**Task instructions**
Each line of the listing, apart from the pictures, is to be printed exactly.

━━━━━ Data for processing ━━━━━

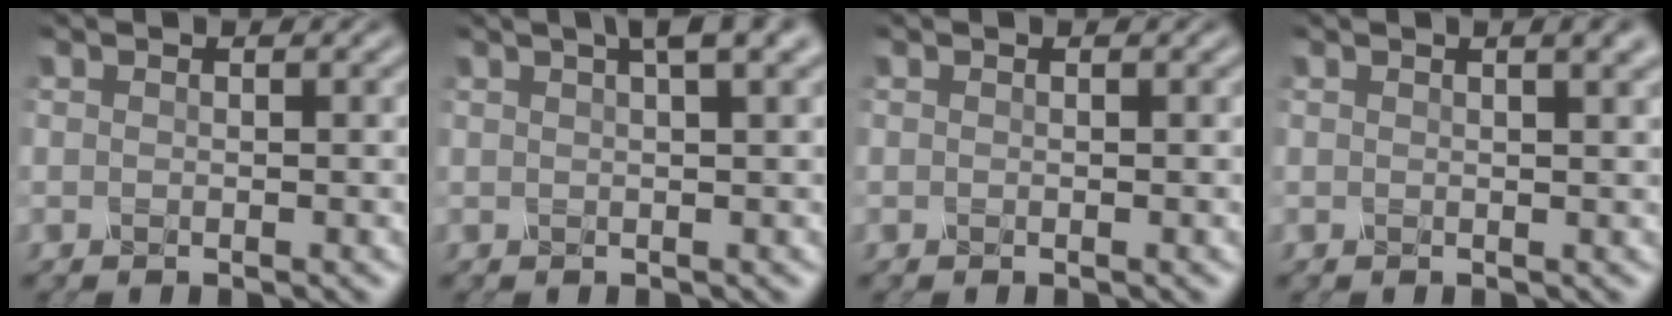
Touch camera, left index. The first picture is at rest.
{"total": 3.9, "force": [2.2, 0.8, 3.1], "torque": [-0.036, 0.013, 0.023]}
{"total": 0.0}
{"total": 3.3, "force": [1.8, 1.2, 2.5], "torque": [-0.014, 0.012, 0.006]}
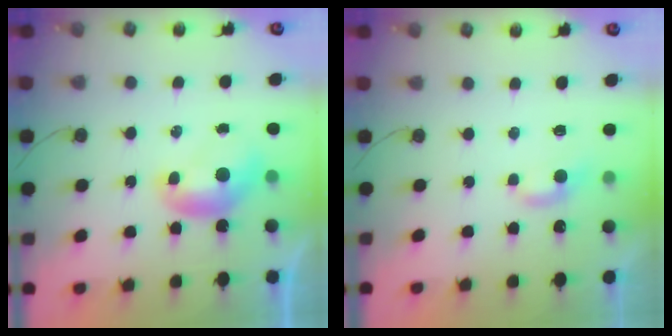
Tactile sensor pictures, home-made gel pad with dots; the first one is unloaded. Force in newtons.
{"total": 1.7, "press": 1.7, "slide": 0.4}
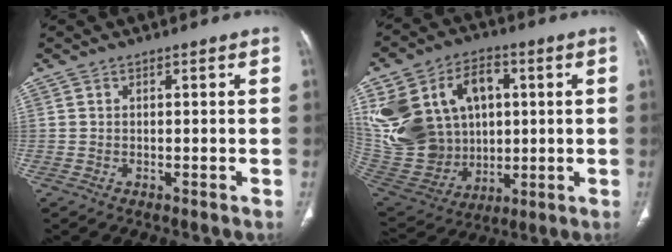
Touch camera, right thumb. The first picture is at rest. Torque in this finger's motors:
{"motor_torque": [-0.02, 0.74, 1.15, 1.02, 0.33]}
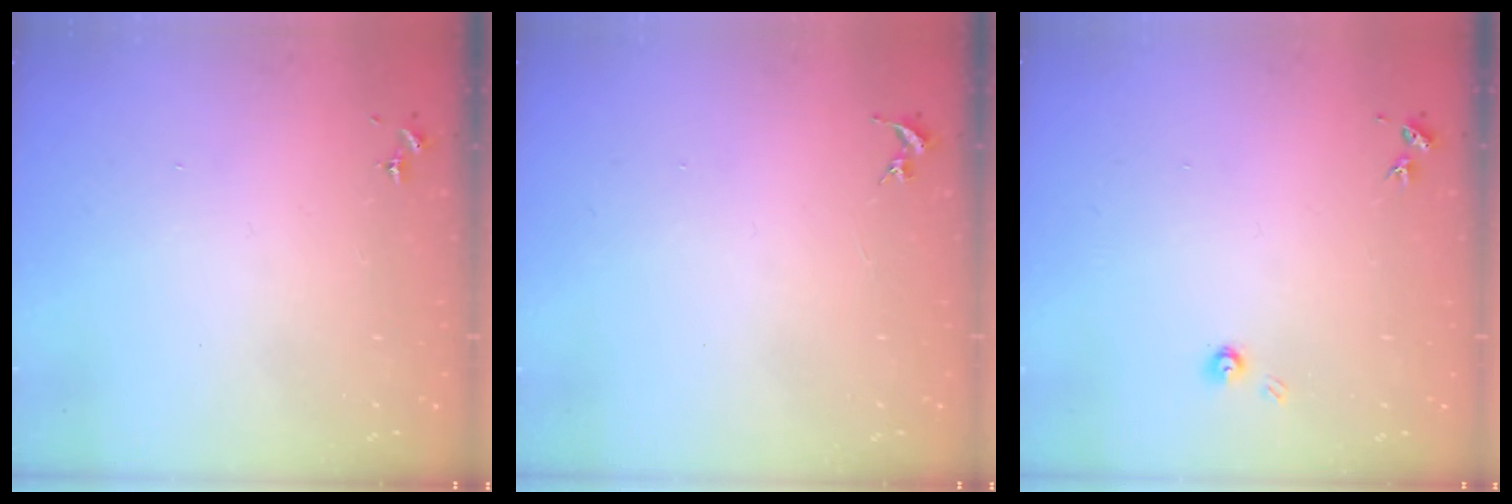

━━━━━

**Response box**
Touch camera, left index. The first picture is at rest.
{"total": 3.9, "force": [2.2, 0.8, 3.1], "torque": [-0.036, 0.013, 0.023]}
{"total": 0.0}
{"total": 3.3, "force": [1.8, 1.2, 2.5], "torque": [-0.014, 0.012, 0.006]}
Tactile sensor pictures, home-made gel pad with dots; the first one is unloaded. Force in newtons.
{"total": 1.7, "press": 1.7, "slide": 0.4}
Touch camera, right thumb. The first picture is at rest. Torque in this finger's motors:
{"motor_torque": [-0.02, 0.74, 1.15, 1.02, 0.33]}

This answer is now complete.